Sunday, May 19, 2024

ToV PDF Thoughts, Part 11

Is Tales of the Valiant a CR+1 game?

Now that I am reading it more, yes, at low levels, but not really at higher levels. You start out with a little more power, but things feel well-built and balanced, and they don't get as out-of-control and loose as they do in 5E at higher levels.

Unlike in 5E, where certain classes can feel underwhelming at higher levels due to their damage not scaling, Tales of the Valiant has addressed this issue. The game's mechanics have been meticulously refined, resulting in a more balanced and engaging experience across all classes and levels.

ToV was designed to play well at higher levels. It may start as a CR+1 game, but as you level, it feels like it goes back to CR+0 and stays there. The underpowered, squishy nature of low-level 5E characters looks like it was fixed.

D&D was the problem here.

Also, since Kobold Press tends to design CR+1 monsters, it is easy to paint the system as a CR+1 system, but I need to take a step back. The builds in 5E were so out of control that character power was becoming exponential in nature. A hyper-optimized 5E character, built by the rules, is a CR+2 to CR+4 build. Some classes suck so hard they are like a CR-1.

Once everyone's class works and is a viable option, the party suddenly becomes more powerful.

D&D 5E has balanced itself around optimized characters, which may already be a CR+1 system. Thus, KP had to create and sell monster books around CR+1. This is why they sold so well; the challenge level suited the average group with optimized characters. Only when you roll back to the original book does everything suddenly appear to be CR+1 and a bit powerful?

Since the KP monster books sold so well, the community chose and supported that power level. By the end of D&D 2014, the game was generally played at a CR+1 power level, just due to power creep. You can't roll back from that to some 2014 power level since you are choosing to make your game and characters underpowered. You are breaking current compatibility.

The answer is complicated, more like a yes and no.

Yes, at low levels, everything balances out at an even CR+1 across all levels.

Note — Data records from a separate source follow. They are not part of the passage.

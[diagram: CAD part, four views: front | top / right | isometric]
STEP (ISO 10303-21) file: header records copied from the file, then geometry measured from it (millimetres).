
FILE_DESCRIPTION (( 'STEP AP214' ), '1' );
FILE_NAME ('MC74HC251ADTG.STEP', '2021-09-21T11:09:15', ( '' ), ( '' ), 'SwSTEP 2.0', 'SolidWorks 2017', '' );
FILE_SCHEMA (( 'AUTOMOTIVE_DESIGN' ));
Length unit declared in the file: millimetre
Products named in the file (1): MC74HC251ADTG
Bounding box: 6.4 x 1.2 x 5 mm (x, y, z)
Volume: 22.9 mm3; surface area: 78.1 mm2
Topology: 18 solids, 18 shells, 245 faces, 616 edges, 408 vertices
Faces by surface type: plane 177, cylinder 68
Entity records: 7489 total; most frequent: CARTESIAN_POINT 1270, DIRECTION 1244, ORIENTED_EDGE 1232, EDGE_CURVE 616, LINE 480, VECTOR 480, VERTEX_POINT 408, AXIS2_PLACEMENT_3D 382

With D&D, you are weak at low levels and then very broken as you level those CR+2 to CR+4 power levels of exploit builds. Most classes fall behind and look like poor choices unless you are multiclassing to break the game. The swingy nature of power and unbalanced builds make rating D&D's actual power levels nearly impossible, but infinite damage and broken builds exist.

ToV may just be the better, tighter-tuned, and balanced game, so it appears to be CR+1, but in actuality, it matches the current power level of most standard games and stays within that power level to level 20.